355 500 произведений, 25 200 авторов.

Электронная библиотека книг » Константин Кислов » Путь на Олений ложок » Текст книги (страница 16)
Путь на Олений ложок
  • Текст добавлен: 12 октября 2016, 03:17

Текст книги "Путь на Олений ложок"


Автор книги: Константин Кислов



сообщить о нарушении

Текущая страница: 16 (всего у книги 16 страниц)

37. У подножия счастья

В лагере было напряженно и тоскливо. Оспан, понурив голову, сидел на куче камней и время от времени приглядывался к черной щели, зиявшей в гранитной стене хребта. Он все ждал, что Илюша вот-вот вернется, но напрасно… «Эх, Илюха, Илюха, еловый сучок, бить тебя, варнака, некому, – сердито хмурил старик редкие и жесткие как щетина брови. – Купаться ни свет ни заря вздумал!.. Ну купался бы на здоровье у берега… Так нет, где там – давай на середину полезу, по бревнам поскачу… вот горе какое…»

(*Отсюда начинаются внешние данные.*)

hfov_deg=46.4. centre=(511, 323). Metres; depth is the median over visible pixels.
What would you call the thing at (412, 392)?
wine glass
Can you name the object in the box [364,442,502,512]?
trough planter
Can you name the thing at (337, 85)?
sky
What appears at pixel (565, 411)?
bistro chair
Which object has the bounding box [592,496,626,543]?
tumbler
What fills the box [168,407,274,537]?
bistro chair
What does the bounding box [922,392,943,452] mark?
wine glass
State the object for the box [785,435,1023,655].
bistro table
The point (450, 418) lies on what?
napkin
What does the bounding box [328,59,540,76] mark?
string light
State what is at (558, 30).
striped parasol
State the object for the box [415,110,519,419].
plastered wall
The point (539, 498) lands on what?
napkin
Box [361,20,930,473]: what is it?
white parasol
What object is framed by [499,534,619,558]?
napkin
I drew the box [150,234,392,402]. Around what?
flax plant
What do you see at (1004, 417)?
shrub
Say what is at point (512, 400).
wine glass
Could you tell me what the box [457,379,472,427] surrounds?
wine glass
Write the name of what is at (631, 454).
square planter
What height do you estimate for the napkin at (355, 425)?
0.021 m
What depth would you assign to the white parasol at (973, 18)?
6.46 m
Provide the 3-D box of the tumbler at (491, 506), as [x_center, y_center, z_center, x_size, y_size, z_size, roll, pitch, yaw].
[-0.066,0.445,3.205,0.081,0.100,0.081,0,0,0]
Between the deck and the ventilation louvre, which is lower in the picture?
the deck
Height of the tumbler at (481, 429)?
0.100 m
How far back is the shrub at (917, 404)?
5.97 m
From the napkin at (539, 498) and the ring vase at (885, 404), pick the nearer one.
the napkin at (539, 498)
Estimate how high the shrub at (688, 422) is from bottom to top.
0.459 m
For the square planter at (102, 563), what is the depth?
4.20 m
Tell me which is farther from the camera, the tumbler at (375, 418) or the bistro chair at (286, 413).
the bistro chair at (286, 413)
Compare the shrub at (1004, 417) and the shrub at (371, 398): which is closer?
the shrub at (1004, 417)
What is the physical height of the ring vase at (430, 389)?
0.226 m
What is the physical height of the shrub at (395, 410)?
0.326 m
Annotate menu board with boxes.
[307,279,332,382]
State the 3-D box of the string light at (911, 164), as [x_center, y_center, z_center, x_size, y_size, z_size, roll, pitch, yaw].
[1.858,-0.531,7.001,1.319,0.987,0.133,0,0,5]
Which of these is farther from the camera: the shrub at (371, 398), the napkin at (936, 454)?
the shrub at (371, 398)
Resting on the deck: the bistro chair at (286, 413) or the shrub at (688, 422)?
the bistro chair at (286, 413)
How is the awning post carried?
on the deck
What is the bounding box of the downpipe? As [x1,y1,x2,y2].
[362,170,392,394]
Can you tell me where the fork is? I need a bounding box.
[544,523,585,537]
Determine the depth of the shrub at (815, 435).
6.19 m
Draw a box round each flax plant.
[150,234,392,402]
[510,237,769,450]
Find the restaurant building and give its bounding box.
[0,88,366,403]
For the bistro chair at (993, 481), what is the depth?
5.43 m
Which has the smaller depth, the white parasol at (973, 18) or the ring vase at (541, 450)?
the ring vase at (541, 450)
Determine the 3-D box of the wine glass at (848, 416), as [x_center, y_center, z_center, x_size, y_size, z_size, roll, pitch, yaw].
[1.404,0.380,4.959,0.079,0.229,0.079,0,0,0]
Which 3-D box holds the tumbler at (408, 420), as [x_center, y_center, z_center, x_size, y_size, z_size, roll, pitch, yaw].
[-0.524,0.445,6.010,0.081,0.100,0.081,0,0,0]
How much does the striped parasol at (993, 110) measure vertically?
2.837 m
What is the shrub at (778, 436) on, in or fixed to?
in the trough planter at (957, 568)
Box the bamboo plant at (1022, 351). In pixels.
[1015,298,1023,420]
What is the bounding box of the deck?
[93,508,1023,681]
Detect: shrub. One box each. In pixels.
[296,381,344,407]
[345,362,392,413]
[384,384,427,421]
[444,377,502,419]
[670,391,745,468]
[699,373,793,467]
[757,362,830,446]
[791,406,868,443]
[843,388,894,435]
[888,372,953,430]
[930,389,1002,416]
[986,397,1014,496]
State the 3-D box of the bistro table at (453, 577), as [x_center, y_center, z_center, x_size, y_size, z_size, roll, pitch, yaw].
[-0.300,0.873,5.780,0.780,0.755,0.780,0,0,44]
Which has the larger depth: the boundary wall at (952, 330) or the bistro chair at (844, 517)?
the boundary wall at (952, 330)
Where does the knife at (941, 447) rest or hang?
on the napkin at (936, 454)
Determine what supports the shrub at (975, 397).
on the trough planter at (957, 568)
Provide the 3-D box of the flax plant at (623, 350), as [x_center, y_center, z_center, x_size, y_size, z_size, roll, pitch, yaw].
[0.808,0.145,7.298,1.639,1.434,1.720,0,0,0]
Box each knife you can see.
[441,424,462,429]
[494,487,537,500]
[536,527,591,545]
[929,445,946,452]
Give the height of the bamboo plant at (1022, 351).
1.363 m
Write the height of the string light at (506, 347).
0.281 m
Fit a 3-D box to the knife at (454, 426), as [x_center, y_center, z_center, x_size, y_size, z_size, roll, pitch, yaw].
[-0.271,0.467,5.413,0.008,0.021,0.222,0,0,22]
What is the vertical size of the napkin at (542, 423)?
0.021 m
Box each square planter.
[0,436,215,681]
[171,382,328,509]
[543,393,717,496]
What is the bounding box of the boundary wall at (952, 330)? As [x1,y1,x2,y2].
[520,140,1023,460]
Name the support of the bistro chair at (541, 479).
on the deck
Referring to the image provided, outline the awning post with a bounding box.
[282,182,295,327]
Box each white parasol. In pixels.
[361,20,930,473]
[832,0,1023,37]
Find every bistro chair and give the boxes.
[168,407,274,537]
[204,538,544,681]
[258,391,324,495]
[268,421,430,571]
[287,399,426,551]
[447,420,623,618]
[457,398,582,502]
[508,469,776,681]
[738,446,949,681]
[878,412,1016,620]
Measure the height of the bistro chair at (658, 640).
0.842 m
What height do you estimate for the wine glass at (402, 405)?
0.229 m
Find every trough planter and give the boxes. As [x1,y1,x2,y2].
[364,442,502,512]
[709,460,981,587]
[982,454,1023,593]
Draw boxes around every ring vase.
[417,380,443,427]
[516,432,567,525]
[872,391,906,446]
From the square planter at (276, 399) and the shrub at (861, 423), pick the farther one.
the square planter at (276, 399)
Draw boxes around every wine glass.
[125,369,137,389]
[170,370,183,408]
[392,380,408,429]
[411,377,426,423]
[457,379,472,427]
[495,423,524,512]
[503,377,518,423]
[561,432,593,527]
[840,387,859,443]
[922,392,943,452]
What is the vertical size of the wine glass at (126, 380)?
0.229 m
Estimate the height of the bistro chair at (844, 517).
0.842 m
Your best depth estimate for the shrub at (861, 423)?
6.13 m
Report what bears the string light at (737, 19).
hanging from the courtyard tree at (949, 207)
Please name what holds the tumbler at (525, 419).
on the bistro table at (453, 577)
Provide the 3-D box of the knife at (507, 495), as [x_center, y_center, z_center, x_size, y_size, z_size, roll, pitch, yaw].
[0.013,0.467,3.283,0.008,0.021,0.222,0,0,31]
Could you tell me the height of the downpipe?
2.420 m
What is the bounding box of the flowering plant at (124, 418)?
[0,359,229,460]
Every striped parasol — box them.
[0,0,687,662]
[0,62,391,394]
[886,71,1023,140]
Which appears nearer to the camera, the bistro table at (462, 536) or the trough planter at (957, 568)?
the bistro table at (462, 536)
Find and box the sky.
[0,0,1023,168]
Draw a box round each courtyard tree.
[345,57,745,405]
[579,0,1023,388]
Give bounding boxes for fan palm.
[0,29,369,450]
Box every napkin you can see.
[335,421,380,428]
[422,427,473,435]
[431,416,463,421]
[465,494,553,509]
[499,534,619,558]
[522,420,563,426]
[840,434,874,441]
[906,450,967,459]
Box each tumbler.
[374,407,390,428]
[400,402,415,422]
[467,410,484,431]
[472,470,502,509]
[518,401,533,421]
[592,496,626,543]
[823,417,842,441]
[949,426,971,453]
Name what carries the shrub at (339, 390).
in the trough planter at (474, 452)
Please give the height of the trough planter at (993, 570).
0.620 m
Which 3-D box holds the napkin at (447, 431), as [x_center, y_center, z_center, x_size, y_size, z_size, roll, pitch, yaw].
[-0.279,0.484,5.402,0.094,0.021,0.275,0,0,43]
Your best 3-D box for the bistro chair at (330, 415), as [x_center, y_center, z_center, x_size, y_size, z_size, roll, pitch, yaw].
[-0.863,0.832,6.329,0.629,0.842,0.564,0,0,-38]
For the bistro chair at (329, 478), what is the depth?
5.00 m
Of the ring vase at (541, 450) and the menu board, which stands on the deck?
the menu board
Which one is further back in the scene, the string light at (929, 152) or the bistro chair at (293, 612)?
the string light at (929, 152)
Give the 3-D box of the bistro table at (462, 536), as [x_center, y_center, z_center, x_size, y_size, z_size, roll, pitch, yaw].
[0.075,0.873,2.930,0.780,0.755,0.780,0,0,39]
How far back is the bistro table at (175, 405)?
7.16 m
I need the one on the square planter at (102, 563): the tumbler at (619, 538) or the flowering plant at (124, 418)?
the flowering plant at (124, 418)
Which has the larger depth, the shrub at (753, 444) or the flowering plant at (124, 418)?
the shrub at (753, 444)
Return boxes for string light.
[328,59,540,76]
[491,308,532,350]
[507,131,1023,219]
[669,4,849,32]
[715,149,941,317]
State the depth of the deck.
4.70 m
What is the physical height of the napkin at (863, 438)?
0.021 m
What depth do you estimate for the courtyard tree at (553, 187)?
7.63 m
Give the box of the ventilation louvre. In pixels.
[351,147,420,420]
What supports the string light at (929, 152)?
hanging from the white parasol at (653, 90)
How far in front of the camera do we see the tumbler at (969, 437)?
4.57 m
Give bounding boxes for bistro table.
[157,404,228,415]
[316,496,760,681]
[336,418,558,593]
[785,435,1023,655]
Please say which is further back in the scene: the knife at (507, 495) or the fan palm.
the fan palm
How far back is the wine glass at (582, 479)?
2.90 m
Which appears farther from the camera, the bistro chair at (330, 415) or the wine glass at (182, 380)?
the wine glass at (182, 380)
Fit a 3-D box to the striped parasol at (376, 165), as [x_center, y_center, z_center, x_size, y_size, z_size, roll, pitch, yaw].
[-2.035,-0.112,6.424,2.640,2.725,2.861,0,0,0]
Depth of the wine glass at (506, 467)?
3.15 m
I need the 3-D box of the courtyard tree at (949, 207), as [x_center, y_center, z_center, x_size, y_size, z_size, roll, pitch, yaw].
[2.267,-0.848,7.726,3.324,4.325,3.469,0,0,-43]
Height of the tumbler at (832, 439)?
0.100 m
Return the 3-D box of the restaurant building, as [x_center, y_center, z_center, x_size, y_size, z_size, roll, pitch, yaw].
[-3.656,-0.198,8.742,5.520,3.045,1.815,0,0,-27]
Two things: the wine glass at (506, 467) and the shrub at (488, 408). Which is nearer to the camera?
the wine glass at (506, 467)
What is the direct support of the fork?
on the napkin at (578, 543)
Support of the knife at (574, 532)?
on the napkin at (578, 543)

Тагильцев тоже заметно нервничал; вся надежда теперь на Илюшу – удастся ли ему разыскать капитана Шатеркина.

– Напрасно ждете. – насмешливо и грубо пробасил Вепринцев, заметив подавленное настроение своих спутников. – Это будет великолепное блюдо на завтрак сибирским акулам. Я говорил, что этот желторотый шалопай плохо кончит. Он был слишком уверен в себе – плохая черта. – Все промолчали. – Мы приехали сюда не на приятный пикник, не любоваться прелестями природы, а работать. Да-да, ра-бо-тать! – крикнул Вепринцев. – А у вас в головах бродит черт знает что. Сегодня из-за этого Илюшки мы потеряли полдня. Я не могу больше допустить… не могу позволить такой роскоши, – Вепринцев не скрывал раздражения. – Не могу! И мне чтоб больше не хныкать!..

Вепринцев поднялся, поглядел из-под ладони на солнце, потом на свои давно не проверявшиеся часы и сказал властным тоном:

– Скорей доедайте вашу похлебку… Вооружайтесь лопатами, кирками – и за дело. – Он помолчал, привычно подтянул брюки и, заметив, что все смотрят на него и чего-то ждут, добавил: – Сегодня, друзья мои, мы должны обследовать здесь старую выработку, взять пробы породы, песка. Я решил, что мы сейчас же приступим к этой работе…

Забрав все необходимое, они снова тронулись в путь. Вокруг стояла древняя нетронутая тайга. Огромные, в три обхвата лиственницы и кедры могучими великанами возвышались над густым, местами непроходимым подлеском. Мягкие, изумрудно-бархатные мхи укрывали парную, истомившуюся по свету землю. Под ногами то и дело похрустывали сахарно-белые мохнатые шляпки груздей – их было множество.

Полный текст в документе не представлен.